Advanced spreadsheet
If you download the data using this method, most of the variables will be string variables and the values will be words associated with the options. You can access the SPSS syntax used to clean the data for the example questionnaire used in this workshop here. The original comma-separated values file is here.
Actual values
If you download the data using this method, most of the variables will be string variables and the values will be words associated with the options. You can access the SPSS syntax used to clean the data for the example questionnaire used in this workshop here. The original comma-separated values file is here.
Numerical values
If you download the data using this method, most of the variables will be numeric variables and the values will be numbers associated with the options.
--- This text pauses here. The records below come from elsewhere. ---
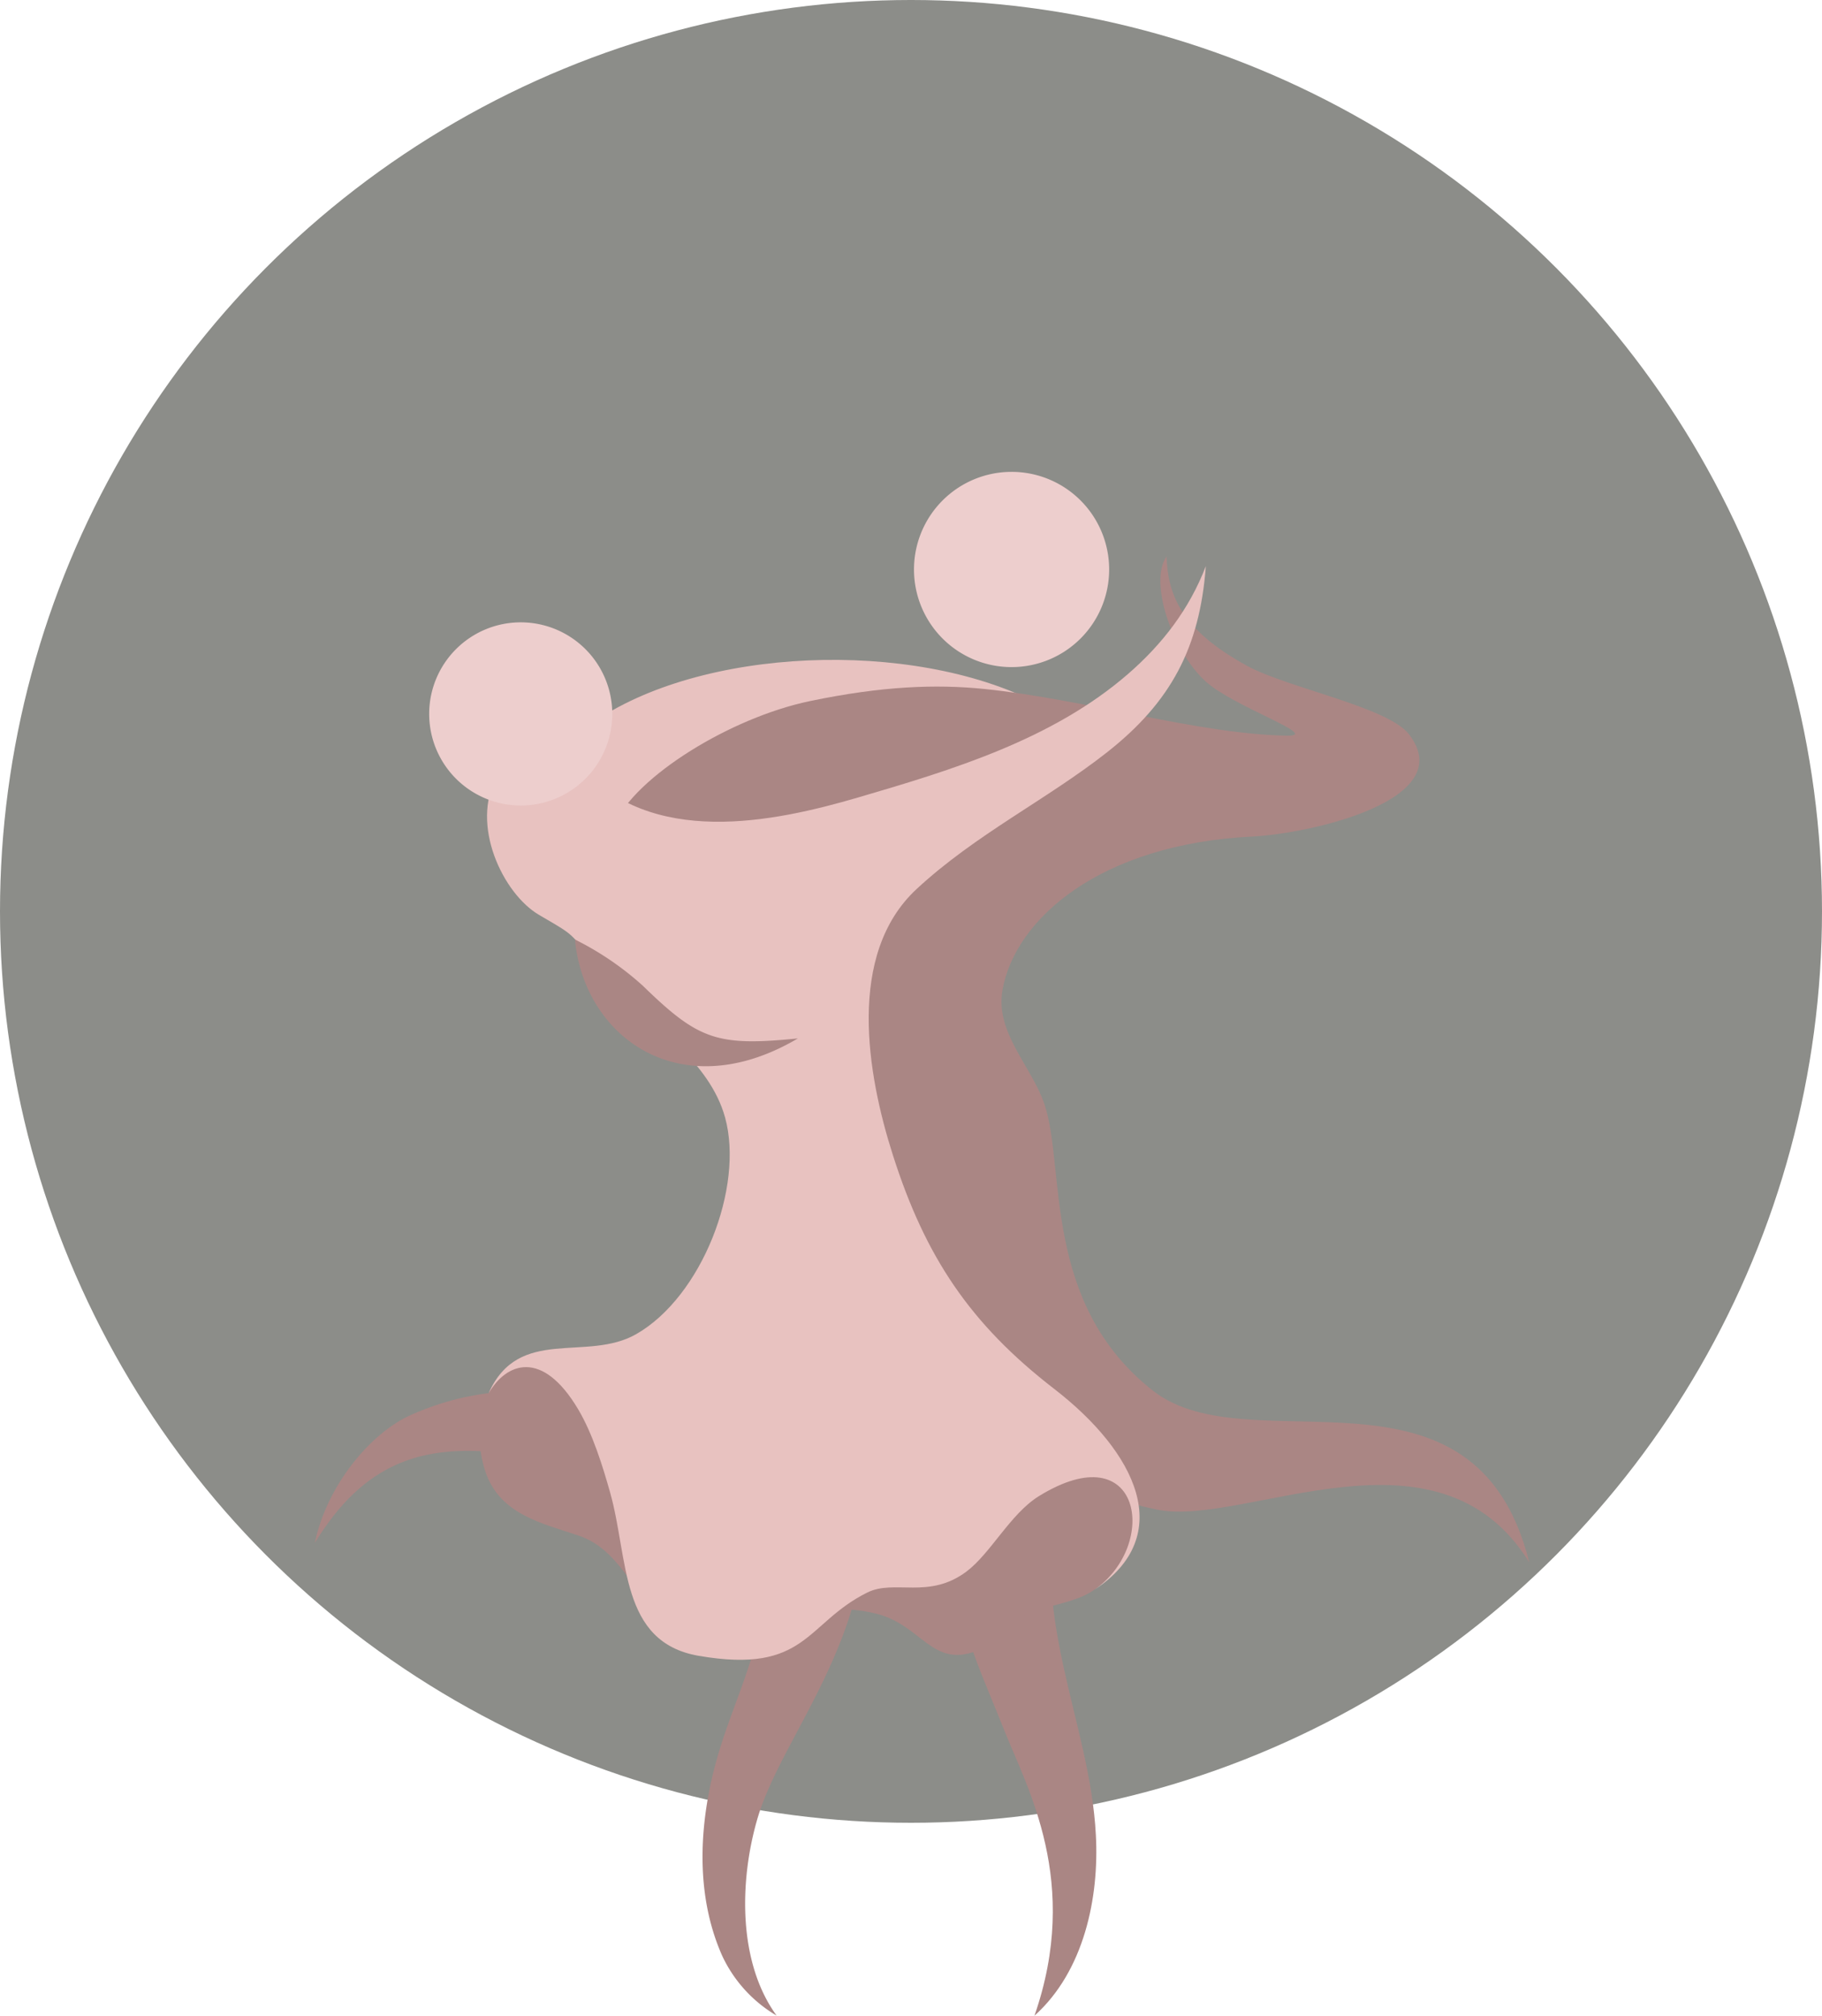 <svg id="layer_1" data-name="layer 1" xmlns="http://www.w3.org/2000/svg" viewBox="0 0 450 497.63"><defs><style>.cls-2{fill:#aa8684}.cls-3{fill:#e8c2c0}</style></defs><circle cx="225" cy="225" r="225" style="fill:#8c8d89"/><path class="cls-2" d="M300.93 520.82c-7.14-20.82 13.07-46.52 33.26-10 3.38 6.11 10.17 51.51 24.5 47.66-10.41 2.8-14.83-.82-21.15-9.74-4.59-6.49-8.1-10.39-13.76-12.28-8.92-3-19.27-5.18-22.85-15.64Z" transform="translate(-181 -157.4)"/><path class="cls-2" d="M282.52 506.7c14.76-6.57 34.23-9.2 53.53 1.11 7.48 4 8.55 17.09 7.06 24.91-10.79-7-26.12-15.44-39-16.73-18.59-1.86-33.09 2.23-45.35 22.3 2.94-14.12 13.72-27.13 23.76-31.59Zm134.94 27.19c-2.43 20 4.36 32.51 11.53 50.56 5.68 14.33 19 37.54 7.5 70.58 12.28-11 16-29.22 15.17-44.56-1.48-28.63-17.1-53.9-8.92-88.48Z" transform="translate(-181 -157.4)"/><path class="cls-2" d="M397.39 555.77c11.4 2.85 13.68 13.51 24.95 9.15 7-2.71 4.82-7.34 16.93-10.64 4-1.08 8.83-2.11 12-4.42 17.55-12.61 11.16-34.38-9.87-31.44-12.9 1.8-22.53 10.07-33.64 16-9.26 5-23.26-3.32-32 2.72s-12.06 20.47-3 19.33 15.71-2.93 24.63-.7Z" transform="translate(-181 -157.4)"/><path class="cls-2" d="M369.51 543.39c1.74 17-6.27 30.94-11 46.68-4.78 16.07-6.15 34.3.82 50.08A33.55 33.55 0 0 0 372.81 655c-9.62-13.22-9.17-33.33-4.79-48.44 6-20.75 28.74-44.22 27-80.3Z" transform="translate(-181 -157.4)"/><path class="cls-3" d="M434.19 329.53c-11.9-2.19-35.42-3.17-57.56 3.71-20.45 6.35-38.43 22.26-43.93 30.7-10.83 2-22.76-8.08-8.17-26 25.27-20.09 77.37-23.18 109.66-8.41Z" transform="translate(-181 -157.4)"/><path class="cls-2" d="M381 330.49c17.85-3.72 31.13-4.21 43.12-3 25.28 2.61 52.79 11.15 74.73 11.53 8.64.14-13.12-7.06-20.08-13.39-8.18-7.43-14.11-24.49-9.66-30.85.37 8.92 3 17.84 20.07 27.09 9.92 5.36 34.57 10.08 39.78 16.77 12.69 16.33-24.54 24.59-38.66 25.28-37.64 1.87-58.63 20.37-61.71 37.92-1.86 10.54 7.27 18.84 10.4 28.26 5.21 15.61-.74 49.06 26.77 70.63 24.06 18.86 79.55-11.15 92.94 42.38-22.56-36.51-70.38-8.65-91.82-13-38.32-7.81-58.88-35.28-70.74-71.11-11.56-34.9-13.75-61.61-1.36-94.63-16.67 4.75-76.54 29.44-62.08-3.35 5.3-12.02 28.81-26.46 48.3-30.53Z" transform="translate(-181 -157.4)"/><path class="cls-3" d="M323.78 346.1c17.85 20.82 48.47 14.22 69.15 8.18 23.35-6.83 48-14.31 66.63-30.46 8.54-7.39 15.2-16.06 19.26-26.66-1.5 20.16-8.65 33.59-24.45 46-14.86 11.68-32.43 20.22-47 33.73-17.37 16.11-12.19 45.86-5.85 65.66 8 25.11 19.07 41.69 39.82 57.71 20.36 15.73 30.25 36.19 10 49.6 16-11.25 11.51-38.7-13.77-23.09-7 4.33-11.9 14.12-17.85 18.59-9.31 7-17.8 1.85-24.53 5.2-15.31 7.62-14.92 20.22-41.64 15.62-19.57-3.38-17.24-24-21.88-40.38-1.84-6.52-4.3-14.46-7.87-20.47-8.91-15-17.77-11.46-22.1-4 7.43-16.71 24.16-7.56 36.44-14.57 16.18-9.25 26.7-36.27 21.93-53.52-3.82-13.8-17.82-22.51-27.34-32.87-12.67-13.8-7.66-10.73-18.59-17.1-8.92-5.21-17.09-22.31-10.4-34.21.86-1.58 20.04-2.96 20.04-2.96Z" transform="translate(-181 -157.4)"/><path class="cls-2" d="M378.06 413.76c-20 2-24.54.37-38.29-13A74.05 74.05 0 0 0 323 389.34c2.27 24.16 26.06 41.52 55.06 24.42Z" transform="translate(-181 -157.4)"/><path d="M287 333.65a22.61 22.61 0 1 1 22.61 22.61A22.61 22.61 0 0 1 287 333.65ZM406.74 298a24.1 24.1 0 1 1 24.1 24.09 24.09 24.09 0 0 1-24.1-24.09Z" transform="translate(-181 -157.4)" style="fill:#edcecd"/></svg>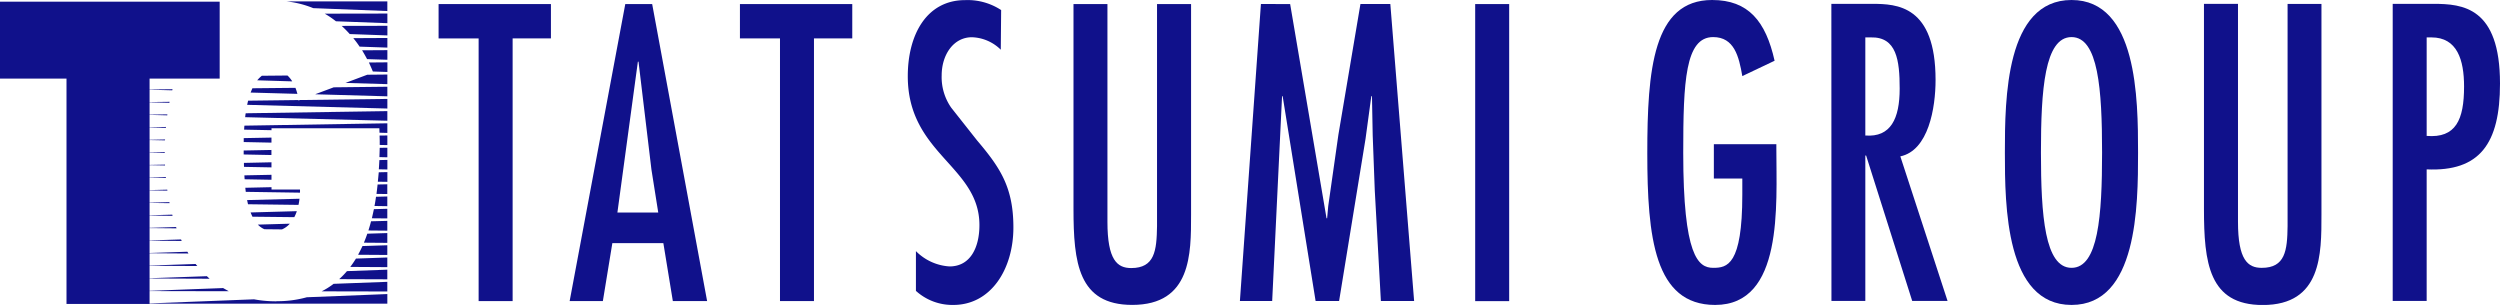 <svg xmlns="http://www.w3.org/2000/svg" width="184.496" height="22.504" viewBox="0 0 184.496 22.504">
  <g id="会社ロゴ" transform="translate(-7 0)">
    <g id="グループ_45" data-name="グループ 45" transform="translate(39.367)">
      <path id="パス_100" data-name="パス 100" d="M130.374,262.4v2.533h-2.827v19.387h-2.509V264.936h-2.955V262.4Z" transform="translate(-122.083 -262.1)" fill="#10118b"/>
      <path id="パス_101" data-name="パス 101" d="M139.294,277.786h-3.015l1.511-11.137h.047l.954,7.964ZM136.861,262.4l-4.106,21.92h2.451l.7-4.276h3.765l.7,4.276H142.9l-4.055-21.92Z" transform="translate(-123.083 -262.1)" fill="#10118b"/>
      <path id="パス_102" data-name="パス 102" d="M152.612,262.4v2.533h-2.826v19.387h-2.508V264.936h-2.956V262.4Z" transform="translate(-122.083 -262.1)" fill="#10118b"/>
      <path id="パス_103" data-name="パス 103" d="M162.572,265.769a3.176,3.176,0,0,0-2.128-.921c-1.374,0-2.234,1.309-2.234,2.816a3.929,3.929,0,0,0,.706,2.385l1.906,2.413c1.7,2.005,2.681,3.454,2.681,6.425,0,3.075-1.656,5.717-4.433,5.717a4,4,0,0,1-2.76-1.038v-2.934a3.809,3.809,0,0,0,2.481,1.13c1.555,0,2.205-1.426,2.205-3.051,0-4.366-5.287-5.238-5.287-10.986,0-3.08,1.4-5.617,4.234-5.617a4.514,4.514,0,0,1,2.656.735Z" transform="translate(-121.083 -262.1)" fill="#10118b"/>
      <path id="パス_104" data-name="パス 104" d="M170.443,262.4v16.073c0,2.82.725,3.409,1.754,3.409,1.733,0,1.881-1.28,1.906-3.094V262.4h2.512v15.548c0,2.884.025,6.653-4.345,6.653-3.983,0-4.332-3.126-4.332-7.087V262.4Z" transform="translate(-121.083 -262.1)" fill="#10118b"/>
      <path id="パス_105" data-name="パス 105" d="M183.927,262.4l2.685,15.809h.044l.081-.9.75-5.266,1.628-9.648h2.205l1.756,21.92h-2.453l-.451-8.165-.153-4.072-.054-2.879h-.048l-.426,3.142-1.952,11.974h-1.733l-2.432-15.116h-.044l-.729,15.116h-2.382l1.551-21.92Z" transform="translate(-121.083 -262.1)" fill="#10118b"/>
      <path id="パス_106" data-name="パス 106" d="M202.091,284.323h-2.509V262.4h2.509Z" transform="translate(-123.083 -262.1)" fill="#10118b"/>
      <path id="パス_107" data-name="パス 107" d="M220.808,272.74v.344c0,4.187.528,11.52-4.517,11.52-4.48,0-5.007-5-5.007-11.192,0-6.134.42-11.312,4.782-11.312,2.683,0,3.962,1.572,4.612,4.483l-2.382,1.132c-.251-1.458-.6-2.878-2.153-2.878-2.056,0-2.207,3.257-2.207,8.54,0,7.616,1.1,8.489,2.207,8.489,1.027,0,2.153-.177,2.153-5.4v-1.188h-2.1V272.74Z" transform="translate(-122.083 -262.1)" fill="#10118b"/>
      <path id="パス_108" data-name="パス 108" d="M228.374,272.1V264.86h.405c1.908-.05,2.13,1.689,2.13,3.783C230.909,270.846,230.255,272.247,228.374,272.1Zm-2.5,12.21h2.5V273.579h.059l3.4,10.728h2.609l-3.484-10.667c2.077-.435,2.6-3.573,2.6-5.638,0-5.5-2.85-5.618-4.683-5.618h-3.007Z" transform="translate(-123.083 -262.1)" fill="#10118b"/>
      <path id="パス_109" data-name="パス 109" d="M242.593,264.837c1.977,0,2.253,3.863,2.253,8.521s-.276,8.508-2.253,8.508-2.259-3.86-2.259-8.508S240.607,264.837,242.593,264.837Zm0-2.737c-4.865,0-4.92,7.3-4.92,11.258,0,3.944.055,11.246,4.92,11.246s4.908-7.3,4.908-11.246C247.5,269.4,247.451,262.1,242.593,262.1Z" transform="translate(-122.083 -262.1)" fill="#10118b"/>
      <path id="パス_110" data-name="パス 110" d="M254.876,262.384v16.083c0,2.819.724,3.4,1.753,3.4,1.733,0,1.886-1.278,1.907-3.077v-16.4h2.5v15.559c0,2.884.025,6.661-4.334,6.661-3.986,0-4.337-3.141-4.337-7.1V262.384Z" transform="translate(-122.083 -262.1)" fill="#10118b"/>
      <path id="パス_111" data-name="パス 111" d="M269.153,264.86c1.9,0,2.407,1.656,2.407,3.629,0,2.449-.606,3.817-2.76,3.641v-7.27Zm-.353,19.447V274.6c3.909.173,5.412-1.885,5.412-6.332,0-5.642-2.756-5.884-4.909-5.884h-3.009v21.923Z" transform="translate(-122.083 -262.1)" fill="#10118b"/>
    </g>
    <g id="グループ_46" data-name="グループ 46" transform="translate(7 0.103)">
      <path id="パス_112" data-name="パス 112" d="M109.75,272.254v.372l-2.048-.043c0-.1,0-.192,0-.29Zm-7.856,1.994-1.593.033,1.594.03Zm5.805-1.041c0,.1,0,.2,0,.293l2.048.041v-.374Zm-5.823.15v-.035l-1.575.033,1.575.029Zm6.076,3.509c.019.1.044.2.067.307l3.726.048c.033-.151.056-.306.075-.454Zm-.234-2.744c0,.1,0,.189.007.293l2.025.038v-.376Zm-4.176,6.556-3.241.109,3.319.022C103.6,280.764,103.568,280.723,103.542,280.678Zm-.466-.907-2.775.087,2.825.024C103.111,279.843,103.09,279.806,103.076,279.771Zm-.366-.916-2.409.074,2.445.023C102.732,278.921,102.724,278.891,102.71,278.855Zm5.5-1.076c.042.11.088.208.137.314l3.087.034a2.946,2.946,0,0,0,.188-.443Zm-5.776.162L100.3,278l2.151.028C102.444,278,102.438,277.968,102.429,277.941Zm-.474-2.769-1.654.042,1.659.023C101.96,275.218,101.955,275.2,101.955,275.172Zm.1.925-1.758.044,1.768.028A.566.566,0,0,0,102.059,276.1Zm.156.921-1.914.052,1.929.024C102.227,277.07,102.219,277.045,102.215,277.018Zm5.538-1.977c0,.1.009.191.016.289l1.981.037V275Zm-5.021-7.285-2.431.022,2.4.071A.678.678,0,0,0,102.732,267.756Zm.365-.929-2.8.023,2.751.087C103.069,266.9,103.082,266.867,103.1,266.827Zm8.565,2.2a3.906,3.906,0,0,0-.144-.445l-3.176.032c-.045.106-.089.207-.13.317Zm-2.96-1,2.58.078a2.058,2.058,0,0,0-.351-.432l-1.891.018A2.1,2.1,0,0,0,108.7,268.027Zm-4.523-3.058-3.878.021,3.768.133C104.106,265.073,104.144,265.024,104.179,264.969Zm4.565,13.707a1.521,1.521,0,0,0,.481.34l1.3.013a1.621,1.621,0,0,0,.577-.421ZM103.57,265.9l-3.269.022,3.2.106C103.519,265.985,103.544,265.941,103.57,265.9Zm-1.673,6.492-1.6.034,1.593.032C101.895,272.437,101.895,272.411,101.9,272.391Zm5.923,3.565c.009.1.022.2.034.3l4,.061a2.183,2.183,0,0,0,0-.229h-2.1v-.176Zm-5.858-4.488-1.661.026,1.654.041A.526.526,0,0,0,101.962,271.468Zm.488-2.785-2.149.024,2.125.057C102.435,268.741,102.441,268.71,102.45,268.683Zm-.22.929-1.929.025,1.916.048C102.219,269.661,102.227,269.637,102.23,269.612Zm-.161.927-1.768.025,1.759.046C102.064,270.586,102.067,270.564,102.069,270.539Zm2.942-6.492-4.71.017,4.525.163A2.425,2.425,0,0,1,105.011,264.047Zm2.8,6.7,10.491.261V270.3l-10.453.159C107.829,270.552,107.82,270.652,107.808,270.75Zm3.931-1.227v-.038l-3.715.047c-.027.1-.047.2-.071.306l10.347.273V269.4l-6.458.082Zm1.229-.464,5.331.151V268.5l-3.958.044Zm2.24-.838,3.091.091V267.6l-1.482.015Zm-7.476,3.448,2.018.04v-.141h7.96l.01.327.579.016v-.71l-10.548.173C107.743,271.47,107.736,271.568,107.732,271.669Zm9.984,2.026.583.015V273l-.564.009C117.733,273.24,117.726,273.466,117.716,273.7Zm.02-1.218v.321l.563.011v-.71l-.573.007Zm-.5-5.1,1.067.036V266.7l-1.364.012C117.038,266.93,117.139,267.15,117.232,267.377Zm-13.079,14.206-3.852.13,3.974.021C104.233,281.684,104.193,281.636,104.153,281.583Zm11.373-16.968,2.773.1v-.709l-3.376.007A7.8,7.8,0,0,1,115.526,264.615Zm-4.7-2.412a7.255,7.255,0,0,1,2,.5l5.468.214v-.71Zm5.978,4.261,1.493.048v-.71l-1.865.011C116.565,266.024,116.689,266.24,116.806,266.464Zm.866,8.132.627.012V273.9l-.589.014C117.7,274.136,117.691,274.368,117.672,274.6Zm-1.417-9.053,2.044.071v-.71l-2.515.013A7.693,7.693,0,0,1,116.255,265.543Zm-1.744-1.871,3.788.141V263.1l-4.623.008A7.133,7.133,0,0,1,114.511,263.672ZM113.453,283.6l4.846.01v-.712l-3.963.148A5.593,5.593,0,0,1,113.453,283.6Zm1.305-.9,3.541.013v-.712l-2.977.108A6.183,6.183,0,0,1,114.758,282.691Zm-4.644,1.636a8.82,8.82,0,0,1-1.652-.147l-8.161.32h18v-.708l-5.942.236A8.055,8.055,0,0,1,110.114,284.327Zm5.458-2.538,2.727.016v-.712l-2.313.08C115.856,281.389,115.717,281.6,115.572,281.789Zm-9.406,1.561-5.865.221,6.3.012C106.453,283.508,106.307,283.432,106.166,283.35Zm-1.194-.876-4.671.167,4.883.02C105.111,282.6,105.043,282.54,104.972,282.474Zm12.382-5.182.945.015V276.6l-.834.021C117.433,276.843,117.4,277.07,117.354,277.292Zm-1.207,3.6,2.152.014V280.2l-1.833.058C116.366,280.473,116.261,280.682,116.147,280.889Zm1.015-2.692,1.137.01v-.712l-.989.029C117.265,277.746,117.214,277.971,117.162,278.2Zm.336-1.8.8.01V275.7l-.717.015C117.559,275.945,117.531,276.169,117.5,276.4Zm.106-.9.7.011V274.8l-.636.014C117.645,275.041,117.626,275.268,117.6,275.5Zm-.695,3.6,1.39.013V278.4l-1.2.031C117.042,278.656,116.977,278.874,116.909,279.092Zm-.33.9,1.72.014V279.3l-1.476.046C116.749,279.564,116.667,279.779,116.579,279.99Z" transform="translate(-89.716 -262.203)" fill="#10118b"/>
      <path id="パス_113" data-name="パス 113" d="M94.624,284.53V267.9H89.716v-5.676h16.212V267.9h-5.174V284.53Z" transform="translate(-89.716 -262.203)" fill="#10118b"/>
    </g>
  </g>
</svg>

You will not know from the information in the dataset which value labels should be associated with each numeric value, but you can probably get that information from the questionnaire. You can access the SPSS syntax used to clean the data for the example questionnaire used in this workshop here. The original comma-separated values file is here.
SPSS format
If you download the data using this method, most of the variables will be numeric variables and the value labels will be correctly associated with the numeric values. Also, most of the variables will have variable labels. The amount of data cleaning needed should be much less than with the other possible methods of downloading the data. You can access the SPSS syntax used to clean the data for the example questionnaire used in this workshop here. The original SPSS data file is here.
Improvements that could (should!) be made to this questionnaire
Notice that there is a problem with the question about the year in school. It is a good thing that we caught this error in our pilot testing. Also, question 9 about when people study is difficult to analyze because we specified it as “choose all that apply”. While in theory we may want to know all of the times that people study, we need to consider how we are going to analyze that variable if we allow respondents to choose multiple responses. The point is that piloting your questionnaire is important for working out problems with items, but it also allows you to discover potential difficulties with analyses. Remember that you want to know how you are going to analyze data before you collect them.